Wirksamkeitshindernisse im Zivilrecht

((1)) Einführung
Ein an sich vorgenommenes Rechtsgeschäft (ein abgeschlossener Vertrag, eine erklärte Kündigung etc.) entfaltet seine Wirkung nur dann, wenn er sich auch im Rahmen des rechtlich Zulässigen befindet. Überschreiten die Parteien eines Vertrages die gesetzlichen Grenzen der Privatautonomie oder sieht das Gesetz aus sonstigen Gründen vor, dass das jeweilige Rechtsgeschäft (so wie es vorgenommen wurde) keinen Bestand haben kann, wird dies durch die sog. Unwirksamkeit sanktioniert. Ein Unwirksames Rechtsgeschäft entfaltet - wie die Bezeichnung es vermuten lässt - keinerlei Wirkungen.
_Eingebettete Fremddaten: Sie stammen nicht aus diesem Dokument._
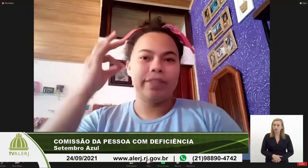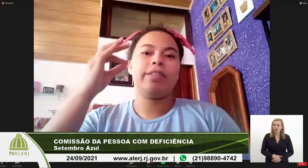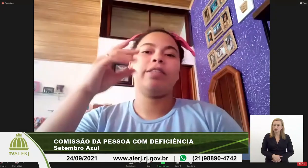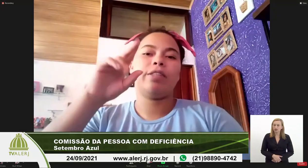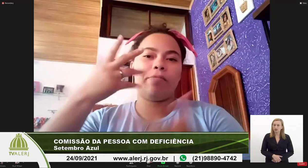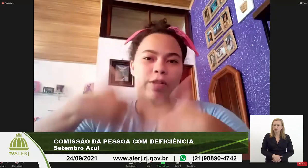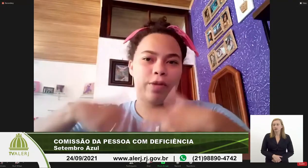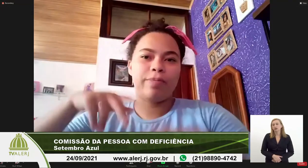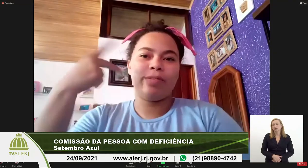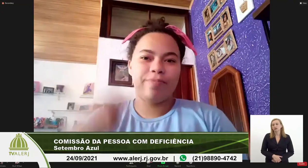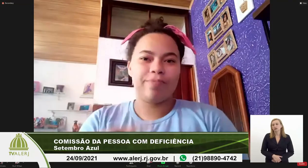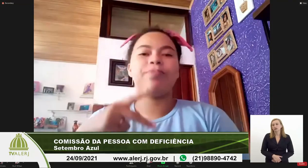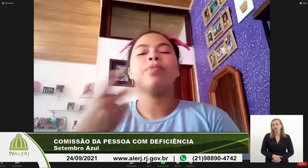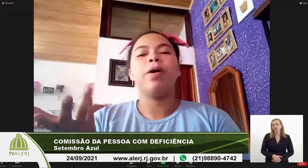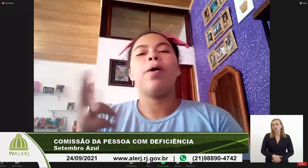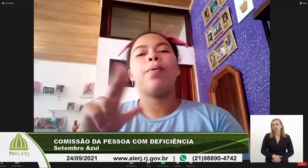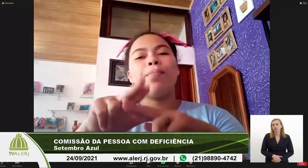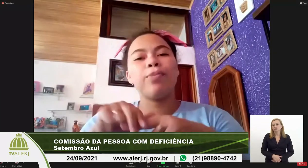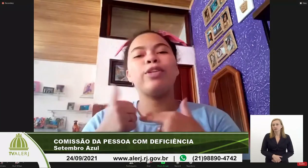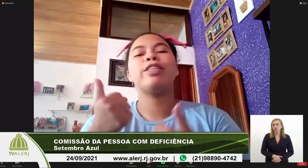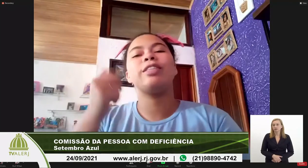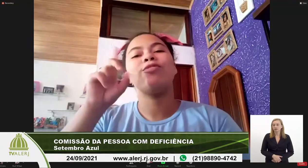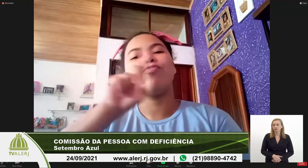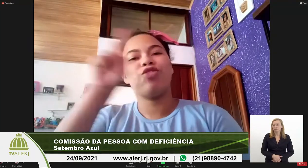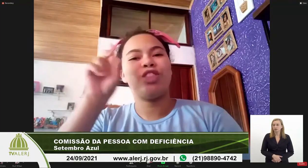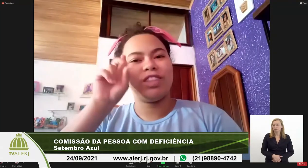atleta surdo-olímpica na cidade de Petrópolis.

So ist zum Beispiel ein Vertrag, der zwar nach den §§ 145 ff. BGB abgeschlossen wurde, der aber an einem Wirksamkeitshindernis "leidet", so zu behandeln, als wäre er nicht existent.
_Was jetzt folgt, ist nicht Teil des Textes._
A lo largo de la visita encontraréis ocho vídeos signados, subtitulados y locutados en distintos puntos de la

((1)) Unterschiedliche Arten der Unwirksamkeit
In den meisten Fällen betrifft das Wirksamkeitshindernis das gesamte Rechtsgeschäft und wirkt sich automatisch sowie bedingungslos auf das Rechtsgeschäft aus. In diesen Fällen handelt es sich um die sogenannte (absolute) Nichtigkeit. Dies ist aber nicht die einzige Folge, die das Gesetz für den Fall vorsieht, dass ein Wirksamkeitshindernis greift. Eine kurze Übersicht der verschiedenen Arten der Unwirksamkeit fasst folgende Grafik zusammen:

 (image: https://wdb.fh-sm.de/unwirksamkeit_arten.png)

((1)) Einzelne Wirksamkeitshindernisse
Die einzelnen Wirksamkeitshindernisse sind im gesamten BGB sowie auch in vielen Nebengesetzen zu finden. Einige, wichtigere werden nachstehend genannt:

((2)) Anfechtung

((2)) Formmangel

((2)) Sitten- und Gesetzesverstoß

((2)) Bedingung, Befristung

((2)) usw.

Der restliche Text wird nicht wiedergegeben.